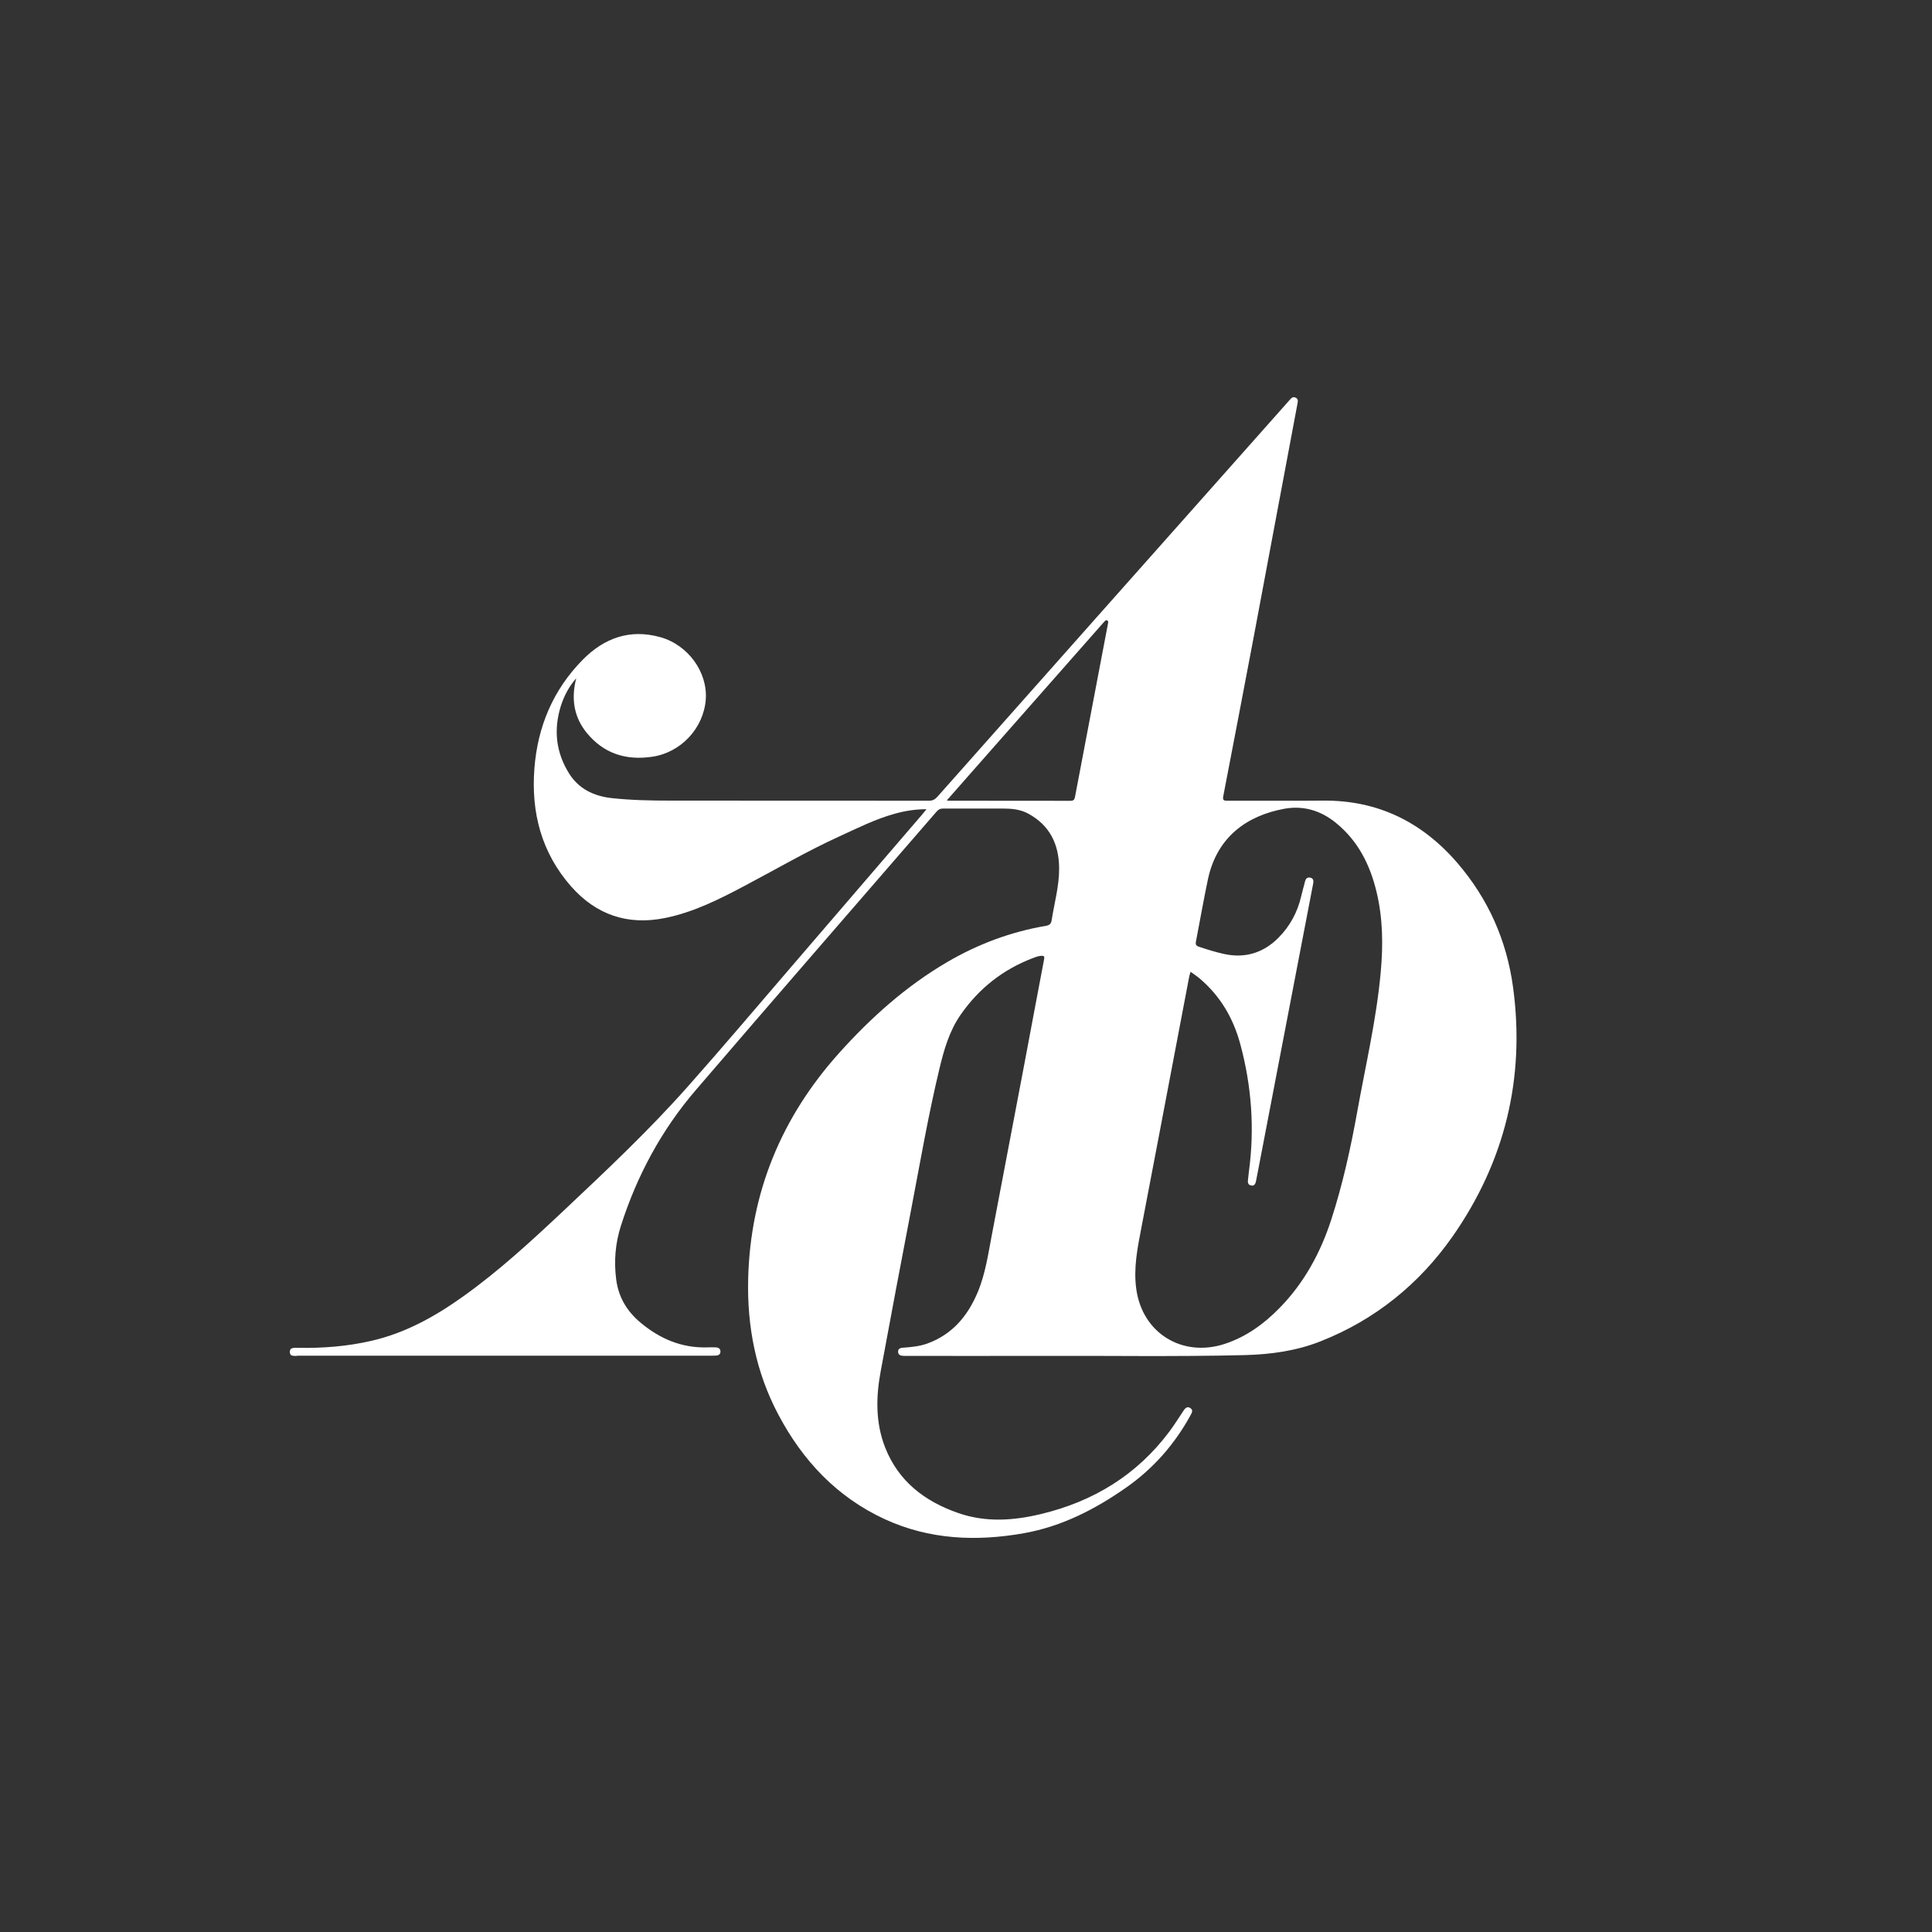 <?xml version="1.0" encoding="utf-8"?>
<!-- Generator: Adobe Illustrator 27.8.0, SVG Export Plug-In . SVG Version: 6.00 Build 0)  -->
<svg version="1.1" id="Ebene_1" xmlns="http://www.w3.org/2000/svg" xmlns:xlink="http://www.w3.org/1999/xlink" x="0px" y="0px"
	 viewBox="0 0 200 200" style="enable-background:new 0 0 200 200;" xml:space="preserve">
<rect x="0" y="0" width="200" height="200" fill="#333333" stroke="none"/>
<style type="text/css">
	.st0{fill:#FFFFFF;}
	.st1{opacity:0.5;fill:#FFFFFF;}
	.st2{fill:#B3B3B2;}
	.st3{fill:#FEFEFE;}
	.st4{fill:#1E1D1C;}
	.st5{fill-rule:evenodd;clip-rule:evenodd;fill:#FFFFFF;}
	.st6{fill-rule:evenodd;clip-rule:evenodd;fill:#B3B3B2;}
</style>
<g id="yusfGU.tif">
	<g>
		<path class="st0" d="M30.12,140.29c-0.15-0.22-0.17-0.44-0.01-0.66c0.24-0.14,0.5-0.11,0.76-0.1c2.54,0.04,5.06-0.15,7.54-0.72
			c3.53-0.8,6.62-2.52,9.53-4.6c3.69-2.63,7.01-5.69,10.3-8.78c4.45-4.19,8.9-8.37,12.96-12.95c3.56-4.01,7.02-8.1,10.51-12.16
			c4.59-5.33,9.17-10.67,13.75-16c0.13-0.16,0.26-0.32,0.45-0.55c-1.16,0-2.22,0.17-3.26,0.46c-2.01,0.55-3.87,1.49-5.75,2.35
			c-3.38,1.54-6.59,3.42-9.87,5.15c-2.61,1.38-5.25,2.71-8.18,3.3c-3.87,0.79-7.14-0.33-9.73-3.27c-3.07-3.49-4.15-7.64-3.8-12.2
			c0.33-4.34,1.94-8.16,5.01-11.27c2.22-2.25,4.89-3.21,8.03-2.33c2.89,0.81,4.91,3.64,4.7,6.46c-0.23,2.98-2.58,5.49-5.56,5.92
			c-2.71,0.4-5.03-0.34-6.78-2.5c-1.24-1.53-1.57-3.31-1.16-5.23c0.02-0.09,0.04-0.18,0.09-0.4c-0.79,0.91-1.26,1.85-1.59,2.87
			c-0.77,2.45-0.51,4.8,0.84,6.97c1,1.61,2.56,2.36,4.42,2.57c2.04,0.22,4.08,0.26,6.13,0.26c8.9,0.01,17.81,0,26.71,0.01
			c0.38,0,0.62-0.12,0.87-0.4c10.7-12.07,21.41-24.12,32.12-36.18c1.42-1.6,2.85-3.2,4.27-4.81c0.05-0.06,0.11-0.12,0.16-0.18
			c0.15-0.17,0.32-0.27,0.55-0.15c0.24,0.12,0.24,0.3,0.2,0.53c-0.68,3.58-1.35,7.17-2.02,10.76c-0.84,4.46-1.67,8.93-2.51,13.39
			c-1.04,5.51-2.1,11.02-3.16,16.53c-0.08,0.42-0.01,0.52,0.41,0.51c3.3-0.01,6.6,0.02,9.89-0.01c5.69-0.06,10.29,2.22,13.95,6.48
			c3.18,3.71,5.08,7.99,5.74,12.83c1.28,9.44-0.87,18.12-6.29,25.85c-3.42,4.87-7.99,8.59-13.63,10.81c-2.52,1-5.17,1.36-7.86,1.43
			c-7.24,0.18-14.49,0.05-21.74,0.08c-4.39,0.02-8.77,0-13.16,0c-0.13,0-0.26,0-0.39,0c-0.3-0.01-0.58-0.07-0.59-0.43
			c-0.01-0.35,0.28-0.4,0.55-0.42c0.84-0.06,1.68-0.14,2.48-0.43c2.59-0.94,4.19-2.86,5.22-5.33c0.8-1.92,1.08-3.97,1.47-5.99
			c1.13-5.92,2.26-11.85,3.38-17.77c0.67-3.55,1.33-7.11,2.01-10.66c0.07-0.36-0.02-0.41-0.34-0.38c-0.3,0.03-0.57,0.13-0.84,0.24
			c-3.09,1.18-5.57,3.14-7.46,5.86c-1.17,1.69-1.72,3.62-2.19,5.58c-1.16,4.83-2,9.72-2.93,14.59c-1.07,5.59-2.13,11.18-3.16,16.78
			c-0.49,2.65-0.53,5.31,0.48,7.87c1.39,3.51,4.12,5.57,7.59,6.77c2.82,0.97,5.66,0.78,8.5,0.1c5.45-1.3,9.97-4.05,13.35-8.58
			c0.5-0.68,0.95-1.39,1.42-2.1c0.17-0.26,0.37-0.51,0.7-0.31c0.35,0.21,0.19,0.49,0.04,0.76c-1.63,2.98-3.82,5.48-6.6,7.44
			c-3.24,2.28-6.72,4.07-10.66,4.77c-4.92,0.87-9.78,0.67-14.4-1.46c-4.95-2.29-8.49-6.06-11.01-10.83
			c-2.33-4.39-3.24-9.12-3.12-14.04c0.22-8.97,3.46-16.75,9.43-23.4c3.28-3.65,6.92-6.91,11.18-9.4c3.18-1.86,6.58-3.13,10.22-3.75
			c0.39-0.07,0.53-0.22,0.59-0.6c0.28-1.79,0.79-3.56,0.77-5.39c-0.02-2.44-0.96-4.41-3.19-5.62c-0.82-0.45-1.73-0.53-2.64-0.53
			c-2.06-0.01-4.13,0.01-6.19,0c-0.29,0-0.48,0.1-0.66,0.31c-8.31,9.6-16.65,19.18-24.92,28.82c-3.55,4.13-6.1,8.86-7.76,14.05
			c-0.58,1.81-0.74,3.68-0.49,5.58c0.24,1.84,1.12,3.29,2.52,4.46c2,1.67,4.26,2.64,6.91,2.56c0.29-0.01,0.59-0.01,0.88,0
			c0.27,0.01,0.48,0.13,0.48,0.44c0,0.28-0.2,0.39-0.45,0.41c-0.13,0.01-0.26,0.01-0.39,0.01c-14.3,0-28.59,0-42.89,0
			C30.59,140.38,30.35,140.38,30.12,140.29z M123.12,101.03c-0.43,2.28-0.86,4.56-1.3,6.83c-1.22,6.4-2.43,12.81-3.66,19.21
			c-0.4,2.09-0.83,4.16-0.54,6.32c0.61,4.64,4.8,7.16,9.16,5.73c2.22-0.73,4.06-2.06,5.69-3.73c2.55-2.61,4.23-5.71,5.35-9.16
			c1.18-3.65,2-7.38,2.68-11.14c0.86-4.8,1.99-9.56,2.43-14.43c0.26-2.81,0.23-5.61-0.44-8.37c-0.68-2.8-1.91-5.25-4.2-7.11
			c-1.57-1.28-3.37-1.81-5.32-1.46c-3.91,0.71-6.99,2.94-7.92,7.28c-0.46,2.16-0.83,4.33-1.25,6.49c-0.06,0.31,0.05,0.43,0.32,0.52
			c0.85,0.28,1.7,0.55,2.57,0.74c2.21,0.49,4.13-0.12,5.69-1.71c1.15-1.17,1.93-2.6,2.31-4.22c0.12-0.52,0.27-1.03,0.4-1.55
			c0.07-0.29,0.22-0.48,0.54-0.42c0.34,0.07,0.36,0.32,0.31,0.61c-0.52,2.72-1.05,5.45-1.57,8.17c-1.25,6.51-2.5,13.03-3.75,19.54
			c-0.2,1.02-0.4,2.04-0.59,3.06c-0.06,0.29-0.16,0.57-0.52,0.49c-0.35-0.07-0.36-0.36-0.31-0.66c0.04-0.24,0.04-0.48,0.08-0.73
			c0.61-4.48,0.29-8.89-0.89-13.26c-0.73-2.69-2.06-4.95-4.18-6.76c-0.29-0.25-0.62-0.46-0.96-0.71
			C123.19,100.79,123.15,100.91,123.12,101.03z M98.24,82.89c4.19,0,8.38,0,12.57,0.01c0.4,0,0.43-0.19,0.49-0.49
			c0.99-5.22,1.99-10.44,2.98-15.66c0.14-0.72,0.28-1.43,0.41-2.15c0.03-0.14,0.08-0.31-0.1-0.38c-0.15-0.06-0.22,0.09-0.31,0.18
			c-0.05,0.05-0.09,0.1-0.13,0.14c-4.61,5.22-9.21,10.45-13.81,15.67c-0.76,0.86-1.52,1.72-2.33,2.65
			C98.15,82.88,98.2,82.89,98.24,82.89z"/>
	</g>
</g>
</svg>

WHAT THE TASK ASKS:
Search the data above for the word "rule", then gather each line in which it appears.

RESPONSE:
	.st5{fill-rule:evenodd;clip-rule:evenodd;fill:#FFFFFF;}
	.st6{fill-rule:evenodd;clip-rule:evenodd;fill:#B3B3B2;}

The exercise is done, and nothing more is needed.